GraphApp “Unicode” windows are internally designed differently and respond to different Windows API messages. Hence, injection of text via SendInput, as used in Dasher, didn’t work. Luckily this has still been fixable and is fixed in R 4.2.1. Tinn-R used WM_CHAR messages, instead, and they stopped working as well. This seems unfixable without bigger changes to GraphApp, because the “Unicode” windows are simply designed to handle related messages differently, but Tinn-R luckily can switch to SendInput, which is also a better way to do text injection, despite it has also limitations (more details here). If there are other similar applications that used WM_CHAR or WM_KEYDOWN/WM_KEYUP messages, the best/simplest course of action is to switch to SendInput. Switching to embedding may be more flexible and reliable in the long-term, but require a much higher investment.

Rgui has a “Script Editor”, which is implemented using a RichEdit control (part of Windows). GraphApp has been using the ANSI (*A) interface to the control, so one would expect that it should work with UTF-8 as it worked before with whatever was the ANSI encoding (even double-byte). However, it turned out that the RichEdit20A version of the control does not, it was not possible to copy and execute a line of R code which contained non-ASCII characters (characters were received in the ANSI encoding, not respecting that Rgui opted for UTF-8 in its manifest). However, the RichEdit20W version of the control accepts UTF-8 properly, even using the ANSI (*A). If any expert on these things is reading these lines, I would be happy for a review of the current code or for an explanation, as this doesn’t seem to be documented.

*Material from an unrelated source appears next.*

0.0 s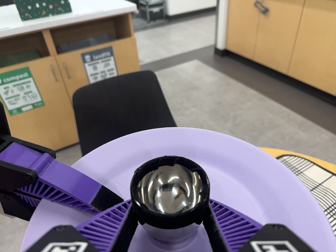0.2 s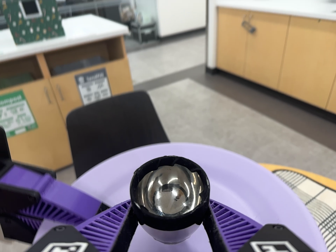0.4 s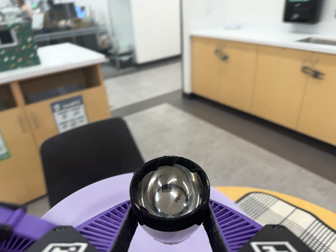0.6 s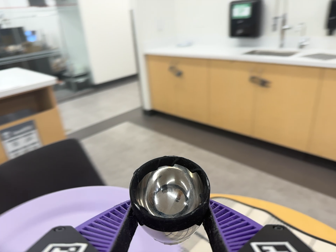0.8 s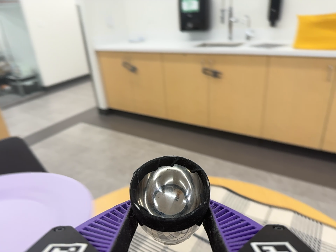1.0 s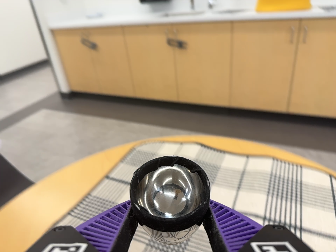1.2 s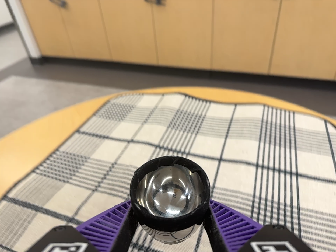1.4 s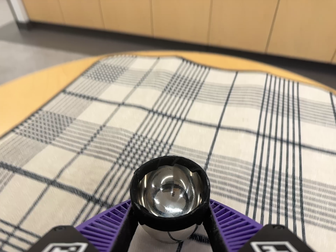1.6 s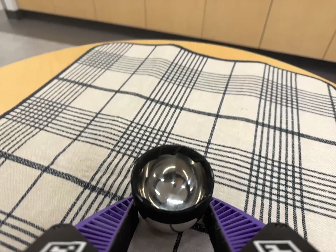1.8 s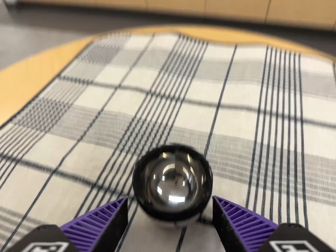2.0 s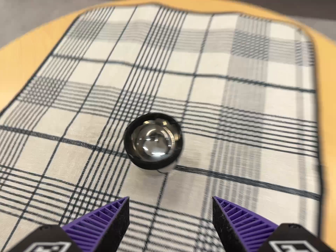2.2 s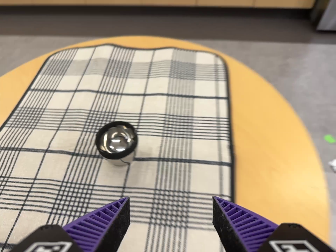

Rgui has also experienced a significant performance regression of txtProgressBar. The progress bar is based on carriage return characters and repeated rewriting of the previous state. Rgui has a not very efficient way of implementing these: it remembers the full history of the line, interpreting the carriage returns only on redraws. While redrawing a line, Rgui computes width of each character. So, every update of the progress bar adds to the work to be done on the next redraw, and even previous lines shown in the window have to be redrawn, so, if one runs the progress bar several times, the performance overheads are increasing.

This has only been detected in R 4.2.0 running in UTF-8, because UTF-8 is a multi-byte locale and a different code path to compute the character widths has been used. It turns out that this code contributed long time ago to R had a bug in caching a locale identifier, so it was re-computed on every character, plus an optimization for ASCII characters (relevant for the progress bar) accidentally only took place after the broken caching. Fixing this old performance bug in R fixed this performance regression in Rgui and potentially will improve performance also on other systems where R is built to use the internal width calculation.

Other

Rtools42 have been updated and the official build of R 4.2.1 (at the time of this writing R-4.2.1 release candidate) will be built using version 5253.

Compared to version 5168 used to build R 4.2.0, there is now also the tidy tool for checking HTML in packages and a number of libraries have been updated, from which R itself and then all CRAN packages using those would benefit: 15 out of those are used by R and recommended packages, see a complete list for details. All CRAN packages have been tested (and where needed updated) for the new versions. Note that CRAN packages are required to use libraries from Rtools when those are available CRAN Repository Policy has more details).

For a summary of additional updates in R 4.2.1, see the NEWS file of the R-patched branch and look for “Changes in R 4.2.0 patched” (when still before the release) or to “Changes in R 4.2.1” (when after the release).